By: Joseph Sanford
Festo is a technological research company. They specialize in automation. One of their focuses is robots in the shape of animals. In the past decade, they have created many diverse groups of robots. One of the first products released was the AquaPenguin. The AquaPenguin is a fully functional Robotic penguin that can swim and maneuver completely by itself. Using 3D sonar, these robotic penguins can move without running into anything in any direction, even backward. Festo has also created a robotic manta ray. They also created a robotic jellyfish and barracuda with similar aquatic features.
This company didn’t stop with water as the only terrain they discovered. Many of their projects took to the Air as well. With similar projects like the AirPenguin, AirRay, and AirJelly. Festo also created creatures based on those that already reside in the sky.The company created the Smartbird, that was inspired by the herring gull. With the look of a real bird, the Smartbird also fly more like a real bird because of wings that not only move up and down but slightly rotate to give it a real bird-like flight. Festo continued to push the boundaries not just with birds, they also modeled a robot after the dragonfly called the BionicOpter. The BionicOpter can move in practically any direction or just hover in one space.
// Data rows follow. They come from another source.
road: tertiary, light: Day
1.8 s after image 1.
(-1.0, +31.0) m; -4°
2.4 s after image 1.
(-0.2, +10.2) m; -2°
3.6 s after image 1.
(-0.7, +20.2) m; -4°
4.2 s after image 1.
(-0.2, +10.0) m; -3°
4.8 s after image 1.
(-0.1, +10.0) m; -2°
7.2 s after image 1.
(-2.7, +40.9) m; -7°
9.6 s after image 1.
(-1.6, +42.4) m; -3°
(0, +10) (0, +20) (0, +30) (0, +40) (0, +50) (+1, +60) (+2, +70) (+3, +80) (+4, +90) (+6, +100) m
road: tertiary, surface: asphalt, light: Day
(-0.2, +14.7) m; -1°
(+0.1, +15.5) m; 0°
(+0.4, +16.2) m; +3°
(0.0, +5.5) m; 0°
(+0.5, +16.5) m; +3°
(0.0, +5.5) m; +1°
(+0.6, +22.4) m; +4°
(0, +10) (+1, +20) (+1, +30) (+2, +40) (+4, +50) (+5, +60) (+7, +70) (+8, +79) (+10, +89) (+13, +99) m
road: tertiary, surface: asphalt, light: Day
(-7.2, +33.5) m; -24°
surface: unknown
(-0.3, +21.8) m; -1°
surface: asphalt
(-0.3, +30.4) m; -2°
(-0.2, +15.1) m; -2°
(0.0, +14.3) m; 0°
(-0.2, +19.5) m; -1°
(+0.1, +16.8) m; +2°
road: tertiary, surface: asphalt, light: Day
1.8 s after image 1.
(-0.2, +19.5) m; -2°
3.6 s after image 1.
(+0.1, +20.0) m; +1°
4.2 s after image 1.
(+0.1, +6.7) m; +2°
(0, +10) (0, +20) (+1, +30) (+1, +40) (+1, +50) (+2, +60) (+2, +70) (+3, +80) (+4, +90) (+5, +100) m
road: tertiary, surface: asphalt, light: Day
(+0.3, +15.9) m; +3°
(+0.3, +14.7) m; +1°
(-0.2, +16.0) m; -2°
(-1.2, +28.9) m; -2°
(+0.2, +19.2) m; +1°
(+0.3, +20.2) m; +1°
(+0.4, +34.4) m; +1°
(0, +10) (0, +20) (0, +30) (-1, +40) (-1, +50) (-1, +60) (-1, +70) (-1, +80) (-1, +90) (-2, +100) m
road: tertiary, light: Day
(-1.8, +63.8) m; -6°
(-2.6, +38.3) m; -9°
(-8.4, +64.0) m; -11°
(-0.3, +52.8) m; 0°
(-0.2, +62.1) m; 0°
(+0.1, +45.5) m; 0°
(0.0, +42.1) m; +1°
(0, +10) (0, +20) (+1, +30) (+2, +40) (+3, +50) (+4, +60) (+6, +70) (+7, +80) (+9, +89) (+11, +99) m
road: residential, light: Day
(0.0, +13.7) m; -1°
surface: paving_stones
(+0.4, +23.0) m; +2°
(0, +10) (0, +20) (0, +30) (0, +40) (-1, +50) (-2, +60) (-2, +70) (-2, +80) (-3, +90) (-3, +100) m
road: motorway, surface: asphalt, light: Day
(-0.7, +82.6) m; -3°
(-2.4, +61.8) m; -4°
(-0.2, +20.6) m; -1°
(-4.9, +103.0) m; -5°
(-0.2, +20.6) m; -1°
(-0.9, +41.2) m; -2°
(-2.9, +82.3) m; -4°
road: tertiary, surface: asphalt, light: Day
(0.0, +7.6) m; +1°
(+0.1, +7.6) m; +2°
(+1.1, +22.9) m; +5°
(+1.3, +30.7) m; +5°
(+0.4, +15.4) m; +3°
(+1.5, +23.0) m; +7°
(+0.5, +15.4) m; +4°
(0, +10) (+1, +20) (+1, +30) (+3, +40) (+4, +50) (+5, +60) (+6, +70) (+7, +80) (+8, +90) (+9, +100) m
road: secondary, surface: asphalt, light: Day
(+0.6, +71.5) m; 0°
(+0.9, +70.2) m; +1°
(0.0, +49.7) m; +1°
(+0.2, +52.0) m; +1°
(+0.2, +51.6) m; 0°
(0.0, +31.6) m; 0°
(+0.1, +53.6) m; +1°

As time progressed, the company came up with even more unique robotic animals.
They continued their work by creating the BionicKangaroo. The unique thing about the BionicKangaroo is that it uses the energy from it last jump stores it, and can use it again for more power. Which seems like this could be a very applicable technology to many other scientific advances. The most recent Bionic creatures have taken up a new task, Collaboration. One of the abilities of the BionicAnts and eMotion Butterflies is the ability to work together. The eMotion Butterflies work in different ways than many of the other projects, by using infrared cameras, they are linked by a computer that calculates and coordinates each Butterfly allowing them to fly together. The direction that Festo has decided to take with these bionic animals is interesting and raises many questions. What can we learn from bionic animals about their real-life counterparts? What is the purpose of these inventions? Surveillance? Commercial use? Observation of the animal kingdom? It will be interesting to see what Festo decides to do with these creations in the future.